Another emerging trend is the adoption of hybrid cloud systems where part of the data resides in the cloud while another part is hosted on-premises.
This approach addresses compliance and security concerns which are emerging in Singapore, Indonesia, Australia and other countries, where governments impose strict information security regulations and data residency requirements.
“We are seeing a lot of investment in this region in such solutions,” Dr Tinati noted. “We have customers who use the cloud for non-sensitive workloads while keeping AI compute in their data centres to keep up with the tighter restrictions on data movement.”
Despite concerns about data scarcity, he does not believe that the world is running out of data. While much knowledge from Western sources may have been ingested into current LLMs, there remain vast amounts of untapped content in other languages such as Chinese and other non-Western languages.
Furthermore, he pointed out that video and visual–related data have been minimally captured thus far. “There’s plenty of data to go.”

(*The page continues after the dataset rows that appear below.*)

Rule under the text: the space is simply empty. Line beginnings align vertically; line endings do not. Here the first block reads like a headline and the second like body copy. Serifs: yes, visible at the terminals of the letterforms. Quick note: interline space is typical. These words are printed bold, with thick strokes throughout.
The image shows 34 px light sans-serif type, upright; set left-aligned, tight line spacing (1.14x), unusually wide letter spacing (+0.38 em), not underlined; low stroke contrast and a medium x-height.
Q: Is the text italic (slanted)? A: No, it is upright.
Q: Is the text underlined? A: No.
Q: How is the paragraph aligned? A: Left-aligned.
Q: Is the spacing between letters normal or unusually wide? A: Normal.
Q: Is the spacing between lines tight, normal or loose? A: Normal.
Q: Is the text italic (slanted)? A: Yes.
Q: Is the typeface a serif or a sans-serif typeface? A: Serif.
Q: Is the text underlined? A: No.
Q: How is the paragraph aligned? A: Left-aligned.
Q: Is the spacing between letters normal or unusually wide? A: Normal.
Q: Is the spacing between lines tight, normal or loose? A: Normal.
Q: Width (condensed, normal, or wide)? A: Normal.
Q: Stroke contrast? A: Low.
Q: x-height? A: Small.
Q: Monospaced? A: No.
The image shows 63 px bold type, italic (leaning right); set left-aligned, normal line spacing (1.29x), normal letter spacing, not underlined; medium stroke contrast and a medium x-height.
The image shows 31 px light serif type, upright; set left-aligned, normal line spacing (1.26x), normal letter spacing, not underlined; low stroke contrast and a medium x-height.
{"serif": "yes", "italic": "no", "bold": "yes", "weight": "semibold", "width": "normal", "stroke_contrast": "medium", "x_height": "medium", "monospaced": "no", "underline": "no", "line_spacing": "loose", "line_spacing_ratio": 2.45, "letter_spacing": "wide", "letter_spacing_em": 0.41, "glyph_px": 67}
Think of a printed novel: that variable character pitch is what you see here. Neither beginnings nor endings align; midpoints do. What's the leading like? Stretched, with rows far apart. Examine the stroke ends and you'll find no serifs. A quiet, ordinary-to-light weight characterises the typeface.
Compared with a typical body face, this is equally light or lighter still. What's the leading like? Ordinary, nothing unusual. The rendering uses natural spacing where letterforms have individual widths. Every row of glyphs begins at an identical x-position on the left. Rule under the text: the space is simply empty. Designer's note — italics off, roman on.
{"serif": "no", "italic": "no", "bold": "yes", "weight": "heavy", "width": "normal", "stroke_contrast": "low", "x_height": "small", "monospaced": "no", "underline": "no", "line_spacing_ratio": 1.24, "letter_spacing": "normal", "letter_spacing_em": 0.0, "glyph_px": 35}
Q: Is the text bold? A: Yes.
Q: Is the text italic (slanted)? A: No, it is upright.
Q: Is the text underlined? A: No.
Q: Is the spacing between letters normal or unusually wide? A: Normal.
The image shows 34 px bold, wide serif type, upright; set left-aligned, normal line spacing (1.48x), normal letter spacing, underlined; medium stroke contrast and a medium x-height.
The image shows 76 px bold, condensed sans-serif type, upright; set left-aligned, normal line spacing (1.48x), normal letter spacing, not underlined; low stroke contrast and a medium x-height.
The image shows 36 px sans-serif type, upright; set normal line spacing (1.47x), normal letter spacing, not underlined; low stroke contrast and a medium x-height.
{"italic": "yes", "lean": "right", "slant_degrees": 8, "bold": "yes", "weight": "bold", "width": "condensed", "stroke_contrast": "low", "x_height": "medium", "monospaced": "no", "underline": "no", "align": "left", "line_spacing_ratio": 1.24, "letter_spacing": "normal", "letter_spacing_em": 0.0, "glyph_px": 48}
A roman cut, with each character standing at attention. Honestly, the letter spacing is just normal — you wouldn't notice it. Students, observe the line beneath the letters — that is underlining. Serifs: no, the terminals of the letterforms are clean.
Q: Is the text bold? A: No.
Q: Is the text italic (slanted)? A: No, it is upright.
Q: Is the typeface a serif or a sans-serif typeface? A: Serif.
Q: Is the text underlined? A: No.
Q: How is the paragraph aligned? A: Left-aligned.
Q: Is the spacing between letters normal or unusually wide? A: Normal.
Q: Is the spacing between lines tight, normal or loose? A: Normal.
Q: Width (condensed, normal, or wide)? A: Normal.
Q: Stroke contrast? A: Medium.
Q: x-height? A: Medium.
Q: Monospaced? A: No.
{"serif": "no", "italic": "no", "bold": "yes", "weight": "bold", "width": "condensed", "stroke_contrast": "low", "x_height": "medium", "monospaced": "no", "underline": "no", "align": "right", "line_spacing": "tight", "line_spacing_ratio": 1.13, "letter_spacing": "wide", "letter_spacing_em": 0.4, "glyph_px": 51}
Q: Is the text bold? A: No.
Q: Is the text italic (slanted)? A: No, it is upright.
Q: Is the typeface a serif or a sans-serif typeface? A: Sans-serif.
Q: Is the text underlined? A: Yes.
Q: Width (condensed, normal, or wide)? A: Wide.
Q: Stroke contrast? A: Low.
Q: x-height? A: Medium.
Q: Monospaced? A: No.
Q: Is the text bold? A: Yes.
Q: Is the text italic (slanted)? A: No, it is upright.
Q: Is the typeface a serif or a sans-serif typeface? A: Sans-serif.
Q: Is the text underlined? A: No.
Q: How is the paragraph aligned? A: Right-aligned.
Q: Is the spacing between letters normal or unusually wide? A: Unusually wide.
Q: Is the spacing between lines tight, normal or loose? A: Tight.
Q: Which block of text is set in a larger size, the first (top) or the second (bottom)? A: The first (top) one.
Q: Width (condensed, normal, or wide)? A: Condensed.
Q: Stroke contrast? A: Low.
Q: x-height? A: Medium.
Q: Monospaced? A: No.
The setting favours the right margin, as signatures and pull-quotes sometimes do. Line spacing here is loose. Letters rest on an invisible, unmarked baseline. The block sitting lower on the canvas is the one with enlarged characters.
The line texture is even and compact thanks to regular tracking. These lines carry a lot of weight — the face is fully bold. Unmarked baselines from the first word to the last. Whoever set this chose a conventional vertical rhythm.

The conversation around synthetic data also merits attention. Dr Tinati pointed out that organisations can leverage synthetic data in several ways.
First, when they lack sufficient real-world data to model specific scenarios—often due to consent issues or security constraints preventing certain datasets from being sent to the cloud. Second, for modelling and simulating real-world scenarios that are difficult to capture naturally such as black swan events.
For instance, predicting traffic flow during an unprecedented event like sudden congestion across all roads in Singapore requires generating synthetic data to forecast potential outcomes.
“We don’t have that data because it’s never happened,” said Dr Tinati. “So, you need to generate synthetic data to look what the outcomes would be.”
Accenture’s Centre for Advanced AI in Singapore is part of its global investment and efforts investment to advance the use of AI. It will offer a range of programmes designed to develop local talent and equip enterprises with the skills and knowledge needed to build AI applications responsibly.
Dr Tinati spoke to Techgoondu on December 3 after an Accenture panel discussion featuring its CEO and chairman Julie Sweet and Minister for Digital Development and Information Josephine Teo, where they spoke about the increasing importance of AI and the role of employers supporting women returning to the workforce.
Sweet was in Singapore in conjunction with the launch of the company’s Women Of Worth initiative, which will offer 10,000 women returning to the workforce free technology courses like GenAI, design thinking and project management. The initiative is in collaboration with the Singapore Business Federation (SBF).